Funny you should post to this tonight...just got back from Megaprize, Emerson Drive and the Wilkinsons were just fantastic.......

and Jeremy Smith keeps saying he plans on joining up here.

EDIT:
Gee, Rebecca...guess I should have thought of you for the 2 extra tickets I had when my friends cancelled...sorry. :-[


----------



## proudnurse (16 Nov 2007)

Bruce Monkhouse said:
			
		

> Funny you should post to this tonight...just got back from Megaprize, Emerson Drive and the Wilkinsons were just fantastic.......
> 
> and Jeremy Smith keeps saying he plans on joining up here.
> 
> ...



That would have been fabulous! Emerson Drive are one of my fave bands. Guess I'll have to listen to the radio station this morning and remember, Bruce forgot about me "sigh"

Glad you had a nice time, it wouldn't have worked for me to be able to go anyways so that's alright ;D

~Rebecca


----------



## Bruce Monkhouse (4 Oct 2008)

I'm working in Brampton until 1830 but I plan on being there if all goes according to plan.
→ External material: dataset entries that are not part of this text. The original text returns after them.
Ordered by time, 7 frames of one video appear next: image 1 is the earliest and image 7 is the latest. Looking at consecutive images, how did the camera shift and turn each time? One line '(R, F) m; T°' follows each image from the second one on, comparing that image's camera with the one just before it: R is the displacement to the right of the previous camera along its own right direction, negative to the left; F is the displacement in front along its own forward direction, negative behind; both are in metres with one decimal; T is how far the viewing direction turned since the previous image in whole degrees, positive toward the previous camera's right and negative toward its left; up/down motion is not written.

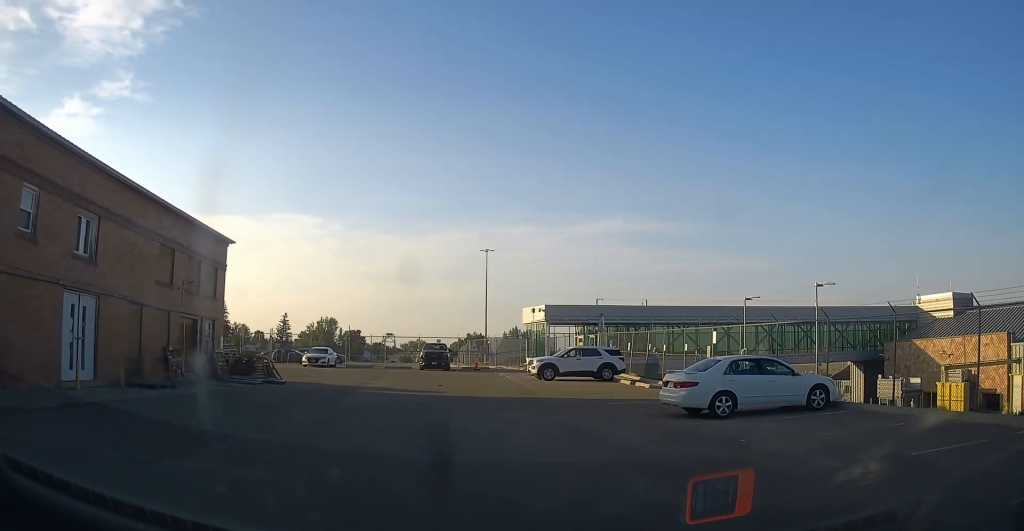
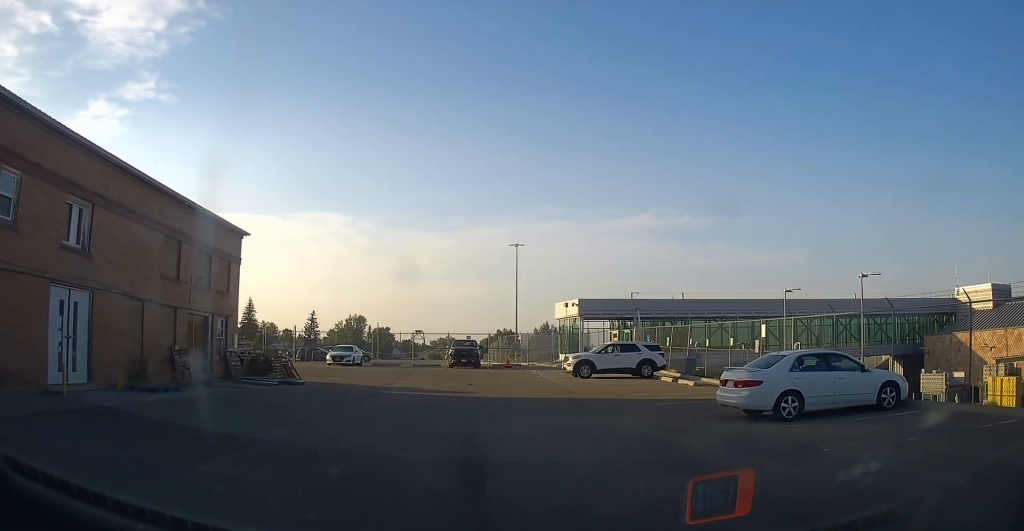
(-0.2, +1.8) m; -5°
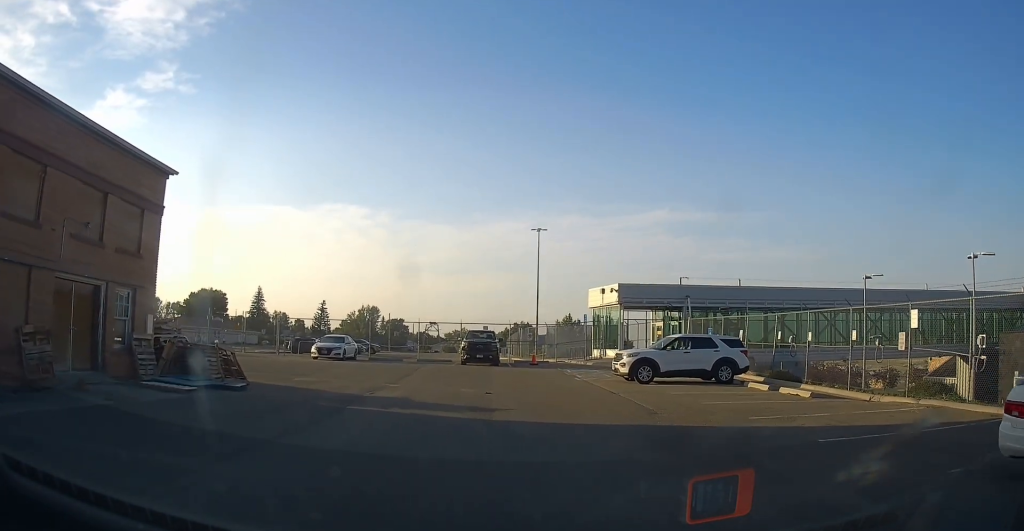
(-0.2, +8.4) m; -2°
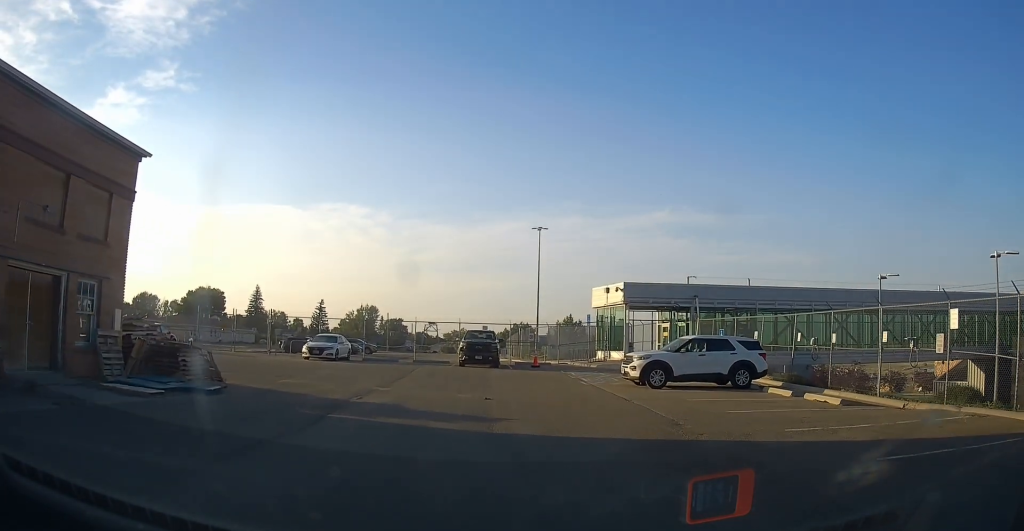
(0.0, +1.8) m; 0°
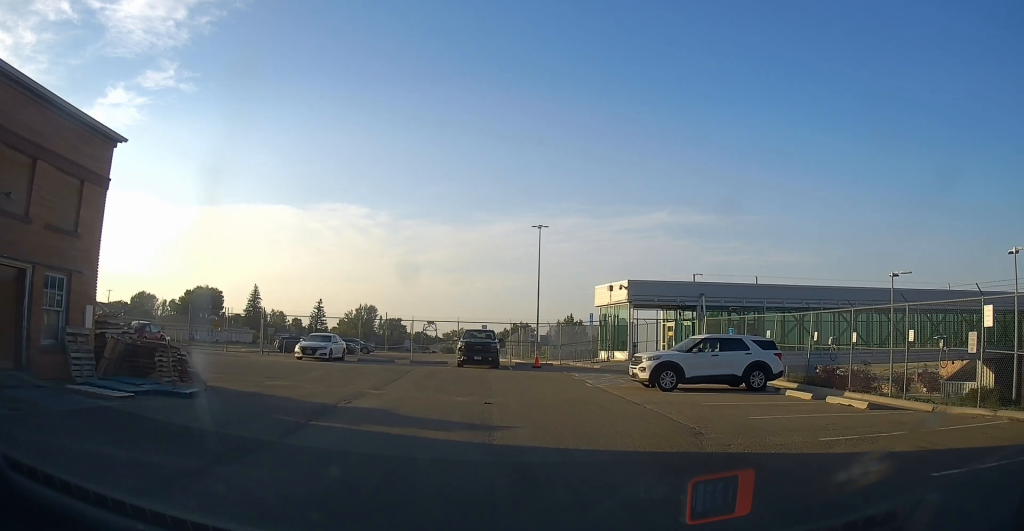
(0.0, +1.4) m; 0°
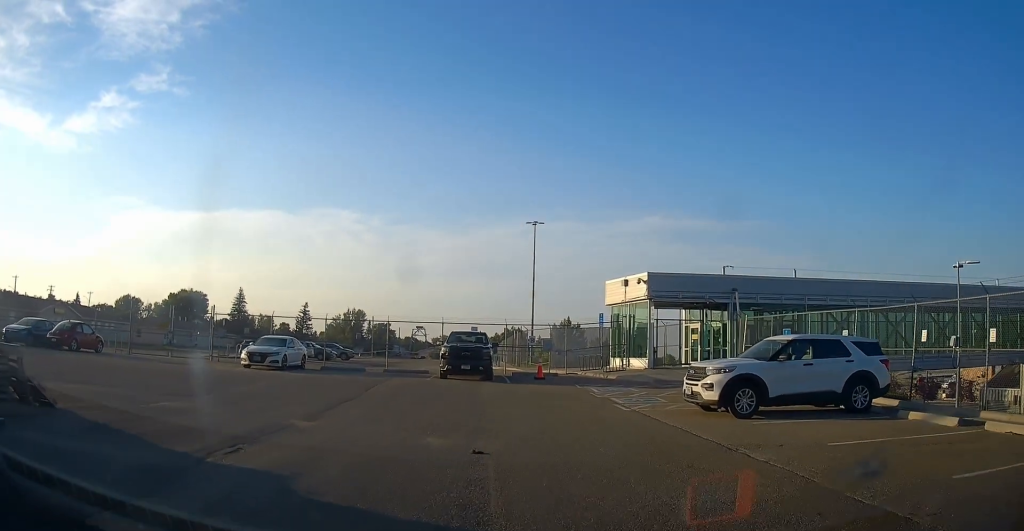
(0.0, +6.9) m; 0°
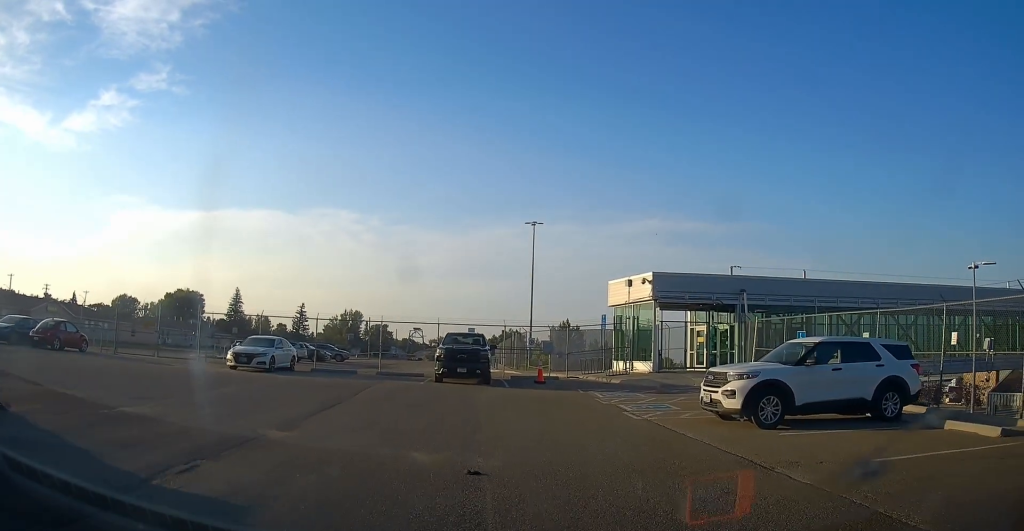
(0.0, +1.3) m; 0°

I'm easy to spot,.....I'll have on my favourite Don Johnson jacket. :king:


Red Friday Rally
When: October 24, 2008 
Where: 

Families of Canadian Soldiers In Afghanistan will be holding their 3rd annual Red Friday Rally on Friday October 24 from 7 pm to 8 pm at the Waterloo Cenotaph on Regina St. (beside the Waterloo City Hall).  A charity BBQ with all funds raised going to the KW Poppy Fund.  For more information please call 519-884-2723

PS: On 570 News they said it would be 7-9, not just until 8:00.


----------



## leroi (4 Oct 2008)

I'm going! I'm off that day.
Thanks for posting this Bruce.


----------



## Rocketryan (5 Oct 2008)

I'm not on BMQ that weekend so if I can get a ride there I'll definitely go


----------